Transitioning, migrations and updates out of the box is going to be painless and more important than painless it is going to be very fast. Just like a newer version, it is going to have a new set of functions and features that were introduced earlier maybe could have been experimental and the set of function turned off because they were deprecated in the previous versions. That is actually quite big. I’m sure that is going to be very big because it is going to be very tough for competition to do this. Cause this can only be done in Open Source system where there is no licensing involved. Otherwise, they will have to give it for free. So they will have to change their models also. But their APIs are not as heavy as Drupal 8. They expose only what they need to access. But Drupal exposes everything. So I think this is going to be a key consideration for large enterprises.
From a few conversations I had with a set of vendors, I get this feeling that there can be more collaboration between vendors because the opportunity is huge.

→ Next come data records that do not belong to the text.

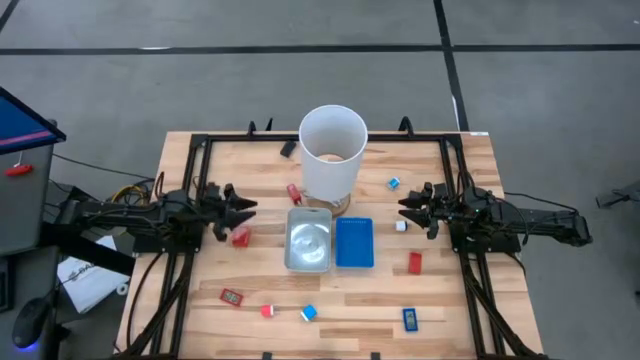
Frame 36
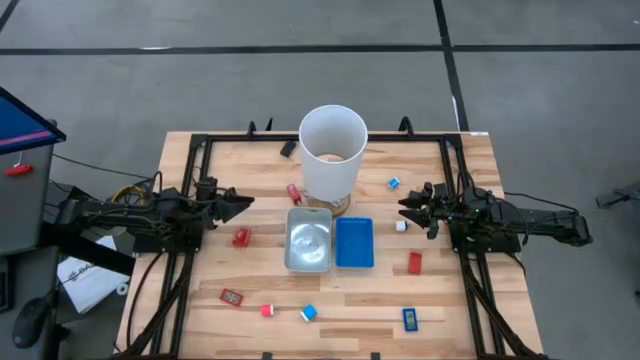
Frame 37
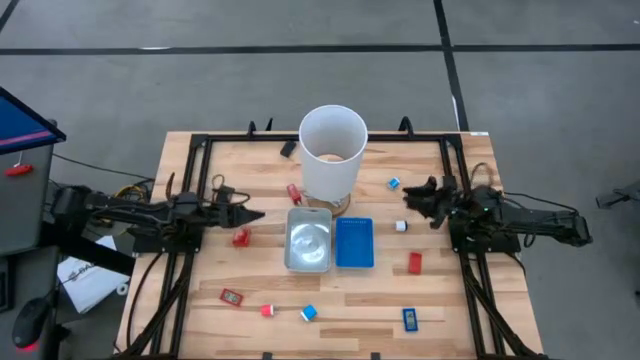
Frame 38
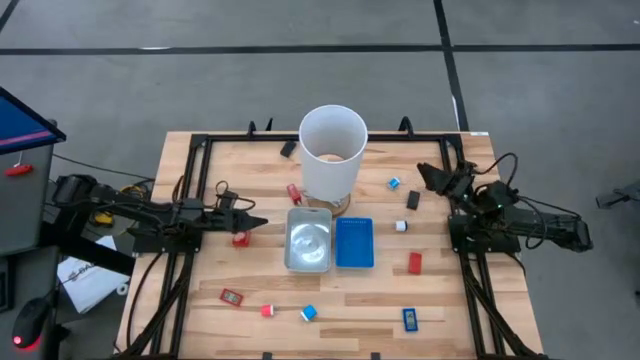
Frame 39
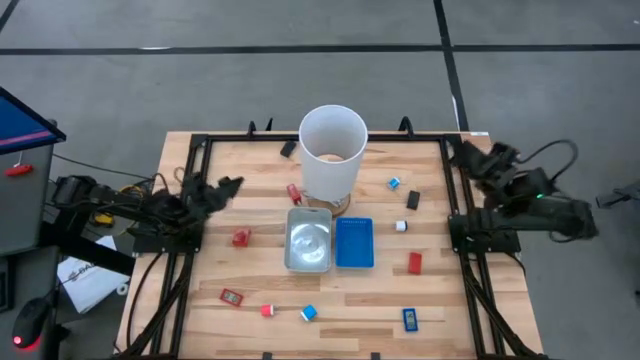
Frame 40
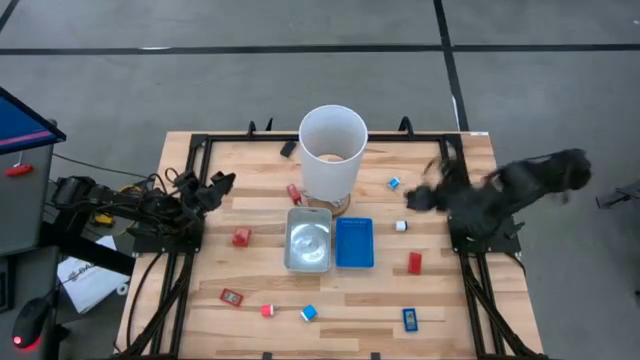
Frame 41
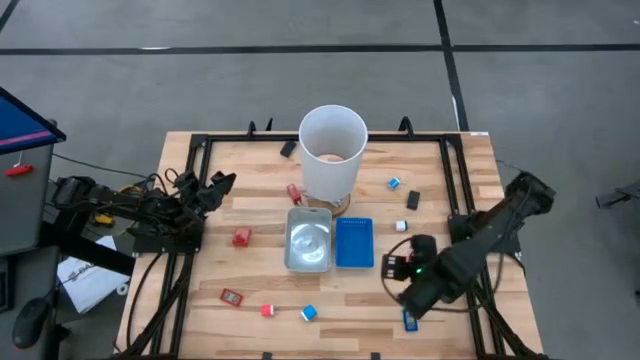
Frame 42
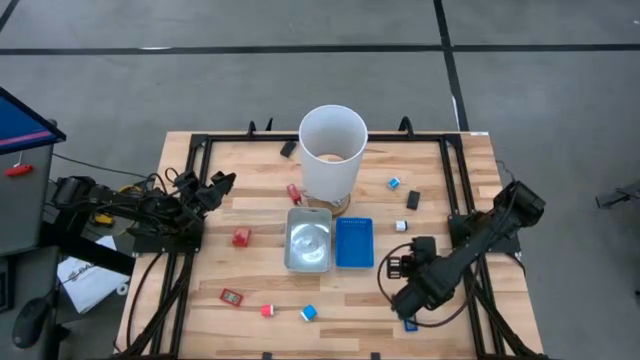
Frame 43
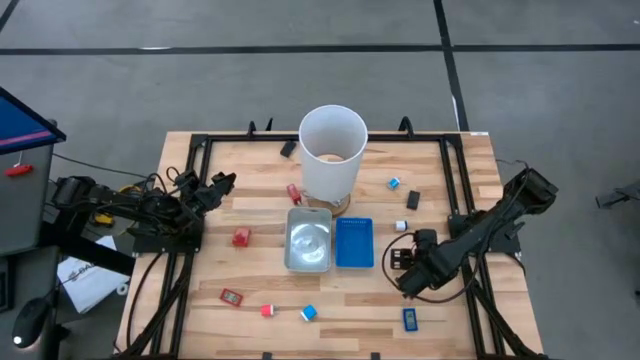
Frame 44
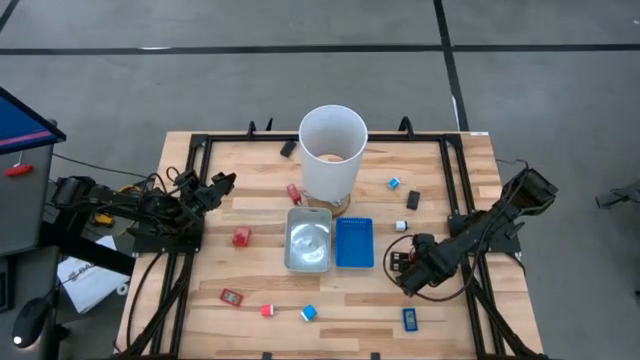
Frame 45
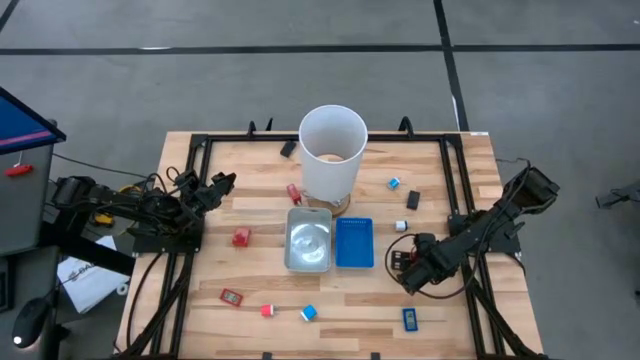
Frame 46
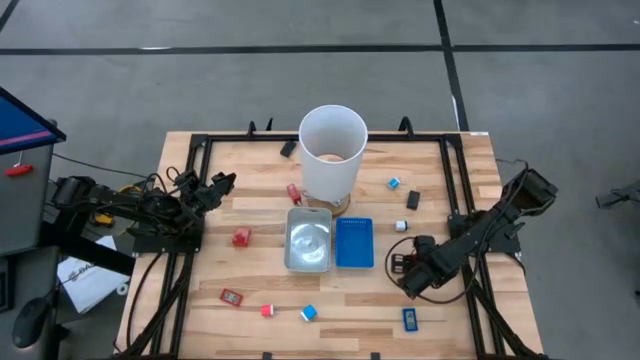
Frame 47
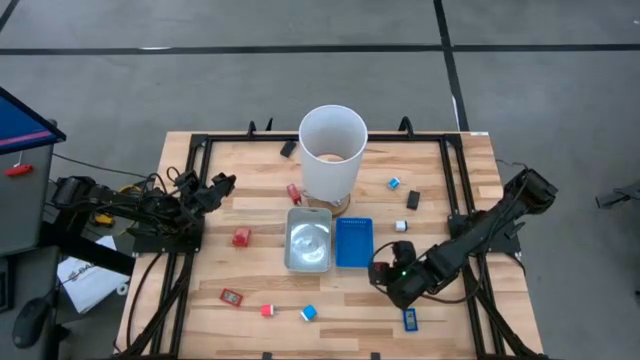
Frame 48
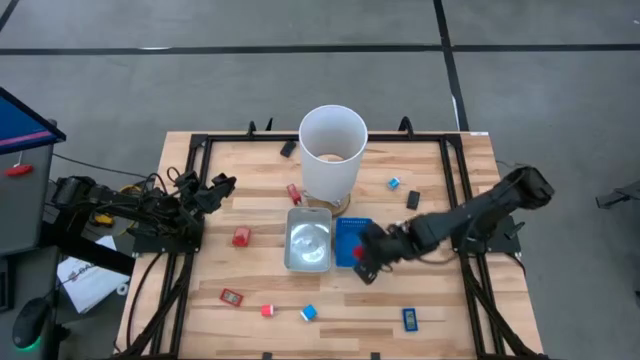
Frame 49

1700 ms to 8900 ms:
Task: Pick & Place Office items
Put the top red digital clock into the blue bin

Large ISPs like IBM, Accenture are going to tap this opportunity. Unless vendors really collaborate much more deeply, I think that small vendors will find it difficult to really benefit out of this Drupal game. So unless you are big you are not going to get that and you will only find that difficult to get into that big league as well. That is what I feel. Maybe there will be more acquisitions. Maybe large vendors will come and acquire some of the small firms.